Quindi secondo te come in tutte le cose anche in amore serve un po’ di coraggio

Sì e ci vuole anche nel dis-amore. Una relazione è fatta per cambiare e non essere mai come il giorno prima. Un tempo che rincorre la costante mitizzazione del ‘com’era bello prima’, ‘le cose torneranno’ e ‘questa è una ripartenza’ sono tutte parole ingannevoli. Quello che dovrebbe dirti l’onestà è che le cose non saranno più comunque come prima anche se scoprissimo il vaccino. Funziona così anche nelle relazioni, il giorno che ti innamori non puoi più nasconderti.

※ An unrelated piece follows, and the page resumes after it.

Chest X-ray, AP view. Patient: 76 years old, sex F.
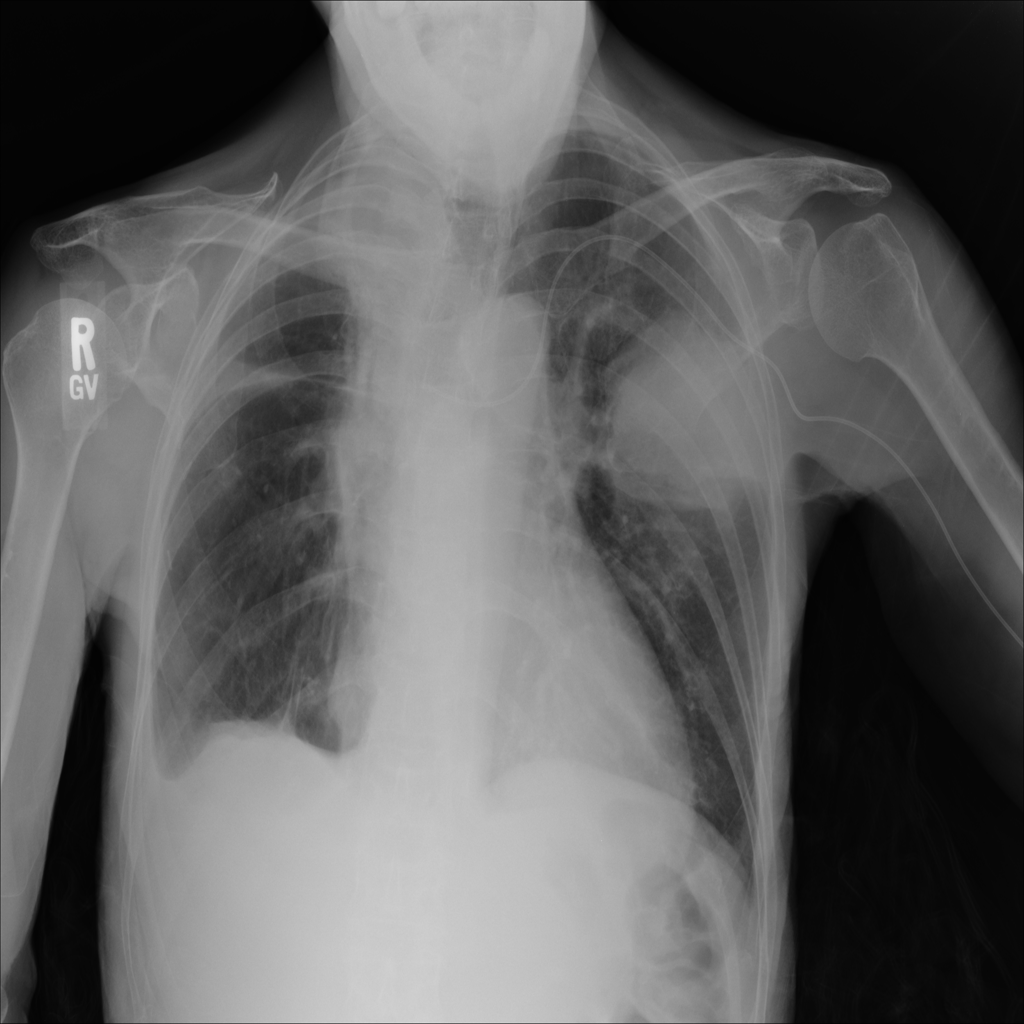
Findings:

Una relazione è fatta di slanci ma anche di tantissima pazienza, attese, assenze, tutte cose con le quali fatichiamo a coesistere in un’epoca in cui appena ci annoiamo ci giriamo verso uno schermo

L’amore è una malattia da cui nessuno è immune, potremmo dire

I luoghi comuni vogliono che quando ci innamoriamo sia tutto bello e quando ci disinnamoriamo sia tutto brutto, non è così. Il ruolo del colpo di fulmine, della casualità esiste nell’amore come nel disamore.

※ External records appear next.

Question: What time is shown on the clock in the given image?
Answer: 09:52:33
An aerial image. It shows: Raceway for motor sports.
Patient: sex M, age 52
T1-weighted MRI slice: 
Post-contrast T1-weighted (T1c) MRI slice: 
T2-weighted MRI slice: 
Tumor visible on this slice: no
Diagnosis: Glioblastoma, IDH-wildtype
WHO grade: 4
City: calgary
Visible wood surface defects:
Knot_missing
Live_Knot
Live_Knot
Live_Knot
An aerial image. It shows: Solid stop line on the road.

Alla fine tutti desiderano essere visti ed essere amati per quello che sono, ma oggi che abbiamo mille modi per comunicare e tenerci in contatto, sembra paradossalmente più difficile costruire relazioni che vadano al di là del semplice sesso

Una relazione è fatta di slanci ma anche di tantissima pazienza, attese, assenze, tutte cose con le quali fatichiamo a coesistere in un’epoca in cui appena ci annoiamo ci giriamo verso uno schermo. Non penso che ci faccia molto bene, tendiamo a non saper più gestire bene la solitudine. L’amore pur essendo un qualcosa in cui ci si dona è fatto anche di tempi in cui non si è insieme, ci si sente soli, è complicato. Venendo al disco a noi piace l’idea che le canzoni o anche altri linguaggi artistici possano aiutarti ad avere delle chiavi per avere un vocabolario e un immaginario emotivo più ricco. Questa per noi è una missione che dovrebbe esserci sempre sotto traccia, ecco perchè diffidiamo di canzoni che raccontano che gli innamorati sono tutti giovani e belli. Ci si innamora a tante età diverse, in modi strani. Gli innamorati sembrano tutti un po’ instupiditi, hanno un codice tutto loro, che forse gli altri sentono come qualcosa che è bellissimo ma potrebbe farli sprofondare. Spesso infatti sprofondano.

In che senso?

Mi riferisco ai maschi italiani che sono stati allevati in casa a uno scarsissimo esercizio di profondità emotiva, di pazienza e di rispetto della donna e della vita in generale, dei valori che sono parte del maturare. Appena gli viene sottratto l’oggetto del desiderio invece di apprendere una lezione, si accaniscono violentemente su questa persona che appunto è diventata un ‘oggetto’. Questa mentalità è figlia di una cultura che ti insegna che disinnamorarsi è una cosa orrenda che non deve capitare, quante canzoni abbiamo ascoltato su questo?

Mi viene in mente adesso una canzone molto famosa che dice ‘Sei come la mia moto, sei proprio come lei’…

A noi piace l’idea che la musica sia in equilibrio costante tra il potere consolatorio e un potere evocativo, emotivo ed empatico. Ascoltare musica, leggere libri, è una cosa che non solo dovrebbe tenerci compagnia e intrattenerci ma anche rifletterci, farci pensare.